Endocrine Abstracts (2006) 11 P429

The UV filter benzophenone 2 inactivates human recombinant thyroperoxidase in vitro and disturbs thyroid hormone homeostasis in rats

C Schmutzler1, A Bacinski1, P Ambrugger2, H Klammer3, W Wuttke3, A Grüters2, H Jarry3 & J Köhrle1


1Institut für Experimentelle Endokrinologie, Charité - Universitätsmedizin Berlin, Berlin, Germany; 2Institut für Experimentelle Pädiatrische Endokrinologie, Charité - Universitätsmedizin Berlin, Berlin, Germany; 3Experimentelle und klinische Endokrinologie, Universitäts-Frauenklinik Göttingen, Göttingen, Germany.

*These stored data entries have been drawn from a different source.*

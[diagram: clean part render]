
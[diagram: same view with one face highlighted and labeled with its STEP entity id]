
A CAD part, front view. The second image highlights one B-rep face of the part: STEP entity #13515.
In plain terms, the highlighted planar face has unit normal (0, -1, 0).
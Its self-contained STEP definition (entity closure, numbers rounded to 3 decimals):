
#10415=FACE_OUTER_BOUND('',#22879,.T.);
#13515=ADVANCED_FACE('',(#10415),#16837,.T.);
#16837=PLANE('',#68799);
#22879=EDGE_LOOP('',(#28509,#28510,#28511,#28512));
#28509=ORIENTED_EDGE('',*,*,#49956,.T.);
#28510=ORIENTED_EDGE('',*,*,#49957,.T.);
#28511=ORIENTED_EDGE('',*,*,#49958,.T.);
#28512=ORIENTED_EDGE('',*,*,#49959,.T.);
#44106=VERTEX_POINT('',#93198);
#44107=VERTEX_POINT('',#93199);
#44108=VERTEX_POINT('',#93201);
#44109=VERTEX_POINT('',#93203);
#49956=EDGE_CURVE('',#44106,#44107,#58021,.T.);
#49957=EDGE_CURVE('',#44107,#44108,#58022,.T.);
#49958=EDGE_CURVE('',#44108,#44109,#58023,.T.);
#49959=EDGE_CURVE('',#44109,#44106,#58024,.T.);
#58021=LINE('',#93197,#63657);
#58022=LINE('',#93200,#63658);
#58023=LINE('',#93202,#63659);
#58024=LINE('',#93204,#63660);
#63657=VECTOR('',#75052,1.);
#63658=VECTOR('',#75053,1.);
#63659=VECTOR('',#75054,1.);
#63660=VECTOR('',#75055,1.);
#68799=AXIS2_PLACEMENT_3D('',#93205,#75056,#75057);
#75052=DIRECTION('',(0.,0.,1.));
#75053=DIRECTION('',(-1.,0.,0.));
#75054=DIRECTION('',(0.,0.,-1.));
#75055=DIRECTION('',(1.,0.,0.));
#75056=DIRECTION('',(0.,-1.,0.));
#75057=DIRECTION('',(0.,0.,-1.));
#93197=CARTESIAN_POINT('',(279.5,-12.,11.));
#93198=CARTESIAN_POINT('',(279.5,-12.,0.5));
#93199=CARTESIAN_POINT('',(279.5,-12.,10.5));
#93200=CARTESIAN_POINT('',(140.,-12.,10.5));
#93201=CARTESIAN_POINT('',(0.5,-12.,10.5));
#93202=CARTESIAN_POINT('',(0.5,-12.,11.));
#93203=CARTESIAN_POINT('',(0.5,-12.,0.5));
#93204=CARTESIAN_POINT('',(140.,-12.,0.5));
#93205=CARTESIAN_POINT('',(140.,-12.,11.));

UV filters are produced in high amounts for multiple uses. Their main application is in sun lotions for skin protection against accelerated ageing or cancer, but they are also found in many other cosmetics or in plastic materials to prevent their radiation-induced damage. Regardless of these protective properties, UV filters seem to interfere with both the reproductive and the thyroid endocrine axis. We here screened for effects of the UV filter benzophenone 2 (BP2) on thyroid hormone biosynthesis and serum levels. Possible inhibition of iodide uptake was examined using the sodium iodide symporter-expressing rat thyroid cell line FRTL-5, but inhibition was not observed. Effects on human thyroperoxidase (TPO) were measured using extracts prepared from human FTC-238 cells stably transfected with human TPO. BP2 inhibited TPO activity with IC50 values of 0.45 and 0.37 μmol H2O2 reduced per min and per mg protein in the guaiacol and the iodide oxidation assay, respectively. The values for the well known TPO inhibitor, genistein, were 61.1 and 2.06 μmol H2O2 × min−1 × mg−1, respectively. BP2 in combination with H2O2 inactivated TPO, an effect that was prevented by adequate iodide concentrations in the reaction mixture. To examine in vivo effects of BP2, adult female ovariectomized rats were treated via gavage for 5 days with olive oil (control) or with 10, 33, 100, 333 and 1000 mg/kg body weight BP2 (12 animals per group). Serum total T4 was reduced and TSH was increased; differences were significant for 333 and 1000 mg/kg BP2. The observed decrease in serum total T3 was not significant. Our data indicate that BP2 interferes with thyroid hormone biosynthesis, thereby disturbing thyroid hormone homeostasis. This may have consequences for human health, especially in the context of a still prevailing iodide deficiency in many parts of the world. Supported by EU grants.